# Thread: ANOVA chapter..... 2 problems , one anwered - did I do it correctly? one no clue

1. ## ANOVA chapter..... 2 problems , one anwered - did I do it correctly? one no clue

I actually have two problems - the first I have attempted to figure out, but not sure I have it correcct. Still don't understand how to interpret the answer I get.

A Stockbrocker at Critical Securities reported that the mean rate of return on a sample of 10 oil stocks was 12.6 percent with a satnadard deviation of 3.9 percent. The mean rate of return on a sample of 8 utility stocks was 10.9 percent with a standard deviation of 3.5 percent. At the .05 significance level, can we conclude that there is more variation in the oil stocks?

I have F=3.9^/3.5^ =1.2416
n1 - 1, n2 - 1 = 9,7
Critical F value =3.667
Reject if F 3.667 ???
1.2416 < 3.667 so fail to reject?

Did I calculate correctly - and how does that result translate to answer is there more variation?

This next problem - need help on set up and interpretation.

The following is sample information. Test the hypothesis at the .05 significance level that the treatment means are equal.

Treatment 1
9,7,11,9,12,10

Treatment 2
13,20,14,13,

Treatment 3
10,9,15,14,15,

a.State the null hypothesis and the alternate hypotheses.
b.What is the decision rule?
c.Compute SST, SSE, and SS total.
d.Complete an ANOVA table.
e.State your decision regarding the null hypothesis.

2. ## Re: ANOVA chapter..... 2 problems , one anwered - did I do it correctly? one no clue

Originally Posted by cama62
I have F=3.9^/3.5^ =1.2416
n1 - 1, n2 - 1 = 9,7
Critical F value =3.667
Reject if F 3.667 ???
1.2416 < 3.667 so fail to reject?
Yes, if your calculated F-value is less than your critical F-value then fail to reject the null hypothesis.
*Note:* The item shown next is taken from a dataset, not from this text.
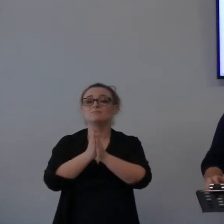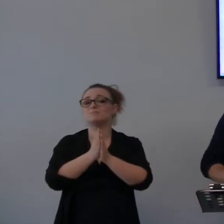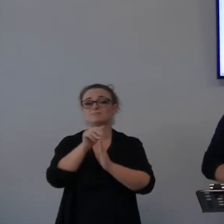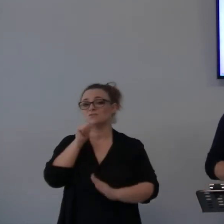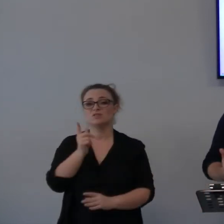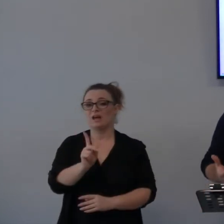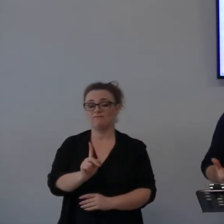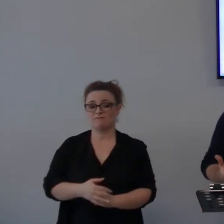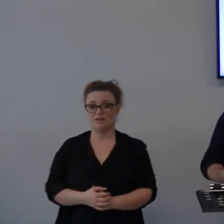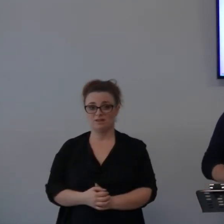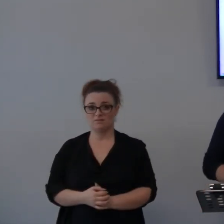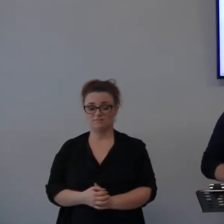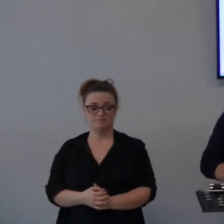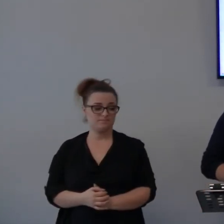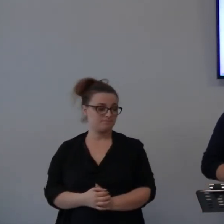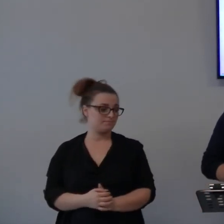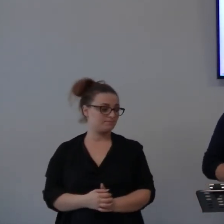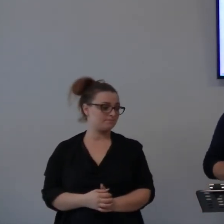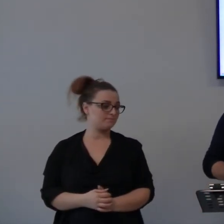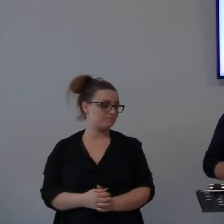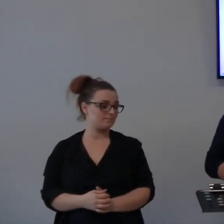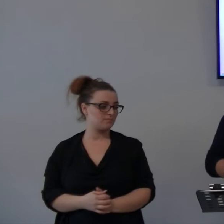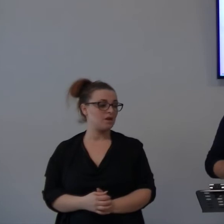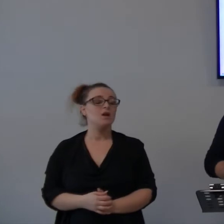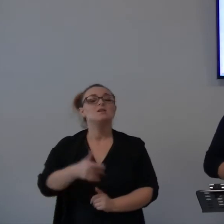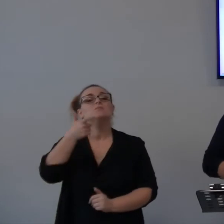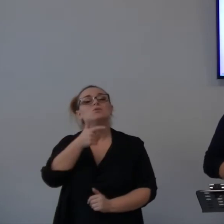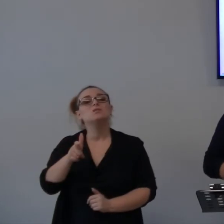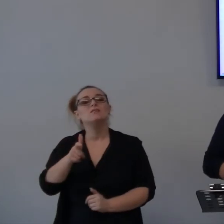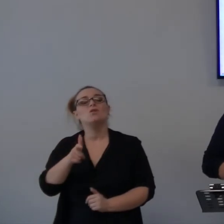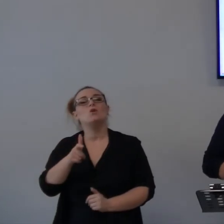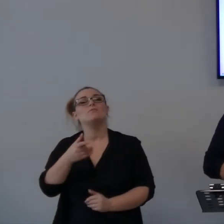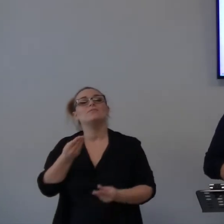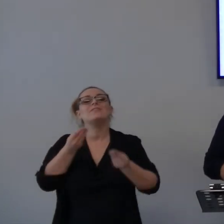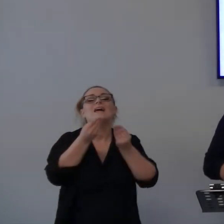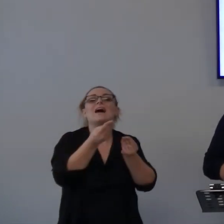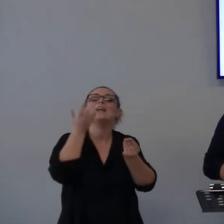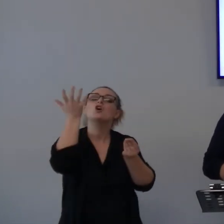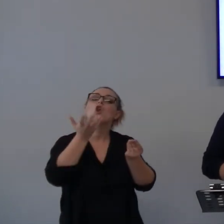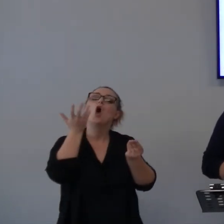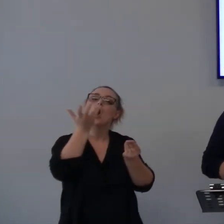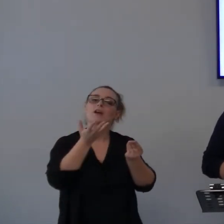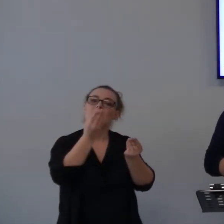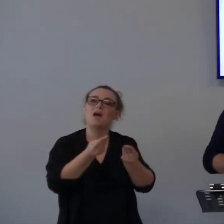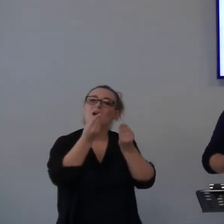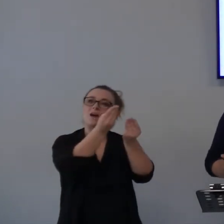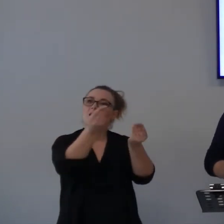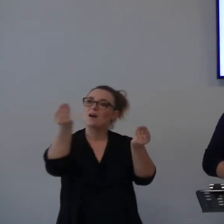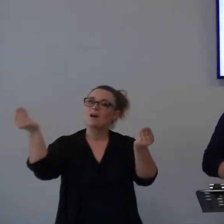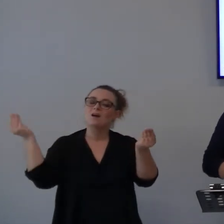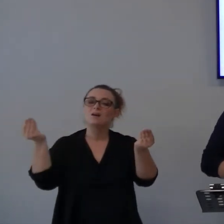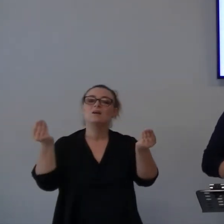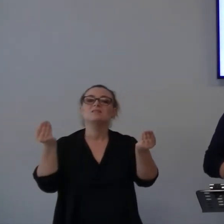è una grande fama, che viene attribuita, o che appartiene a qualcuno che ha compiuto opere

3. ## Re: ANOVA chapter..... 2 problems , one anwered - did I do it correctly? one no clue

T1<>T2 (p<0.05)
T1=T3 (p>0.05)
T2=T3 (p>0.05)

4. ## Re: ANOVA chapter..... 2 problems , one anwered - did I do it correctly? one no clue

$P_f\left[\frac{3.9^2}{3.5^2}|\nu _1=9,\nu _2=7\right]=0.60356>.05$ Can't reject equal variance hypothesis.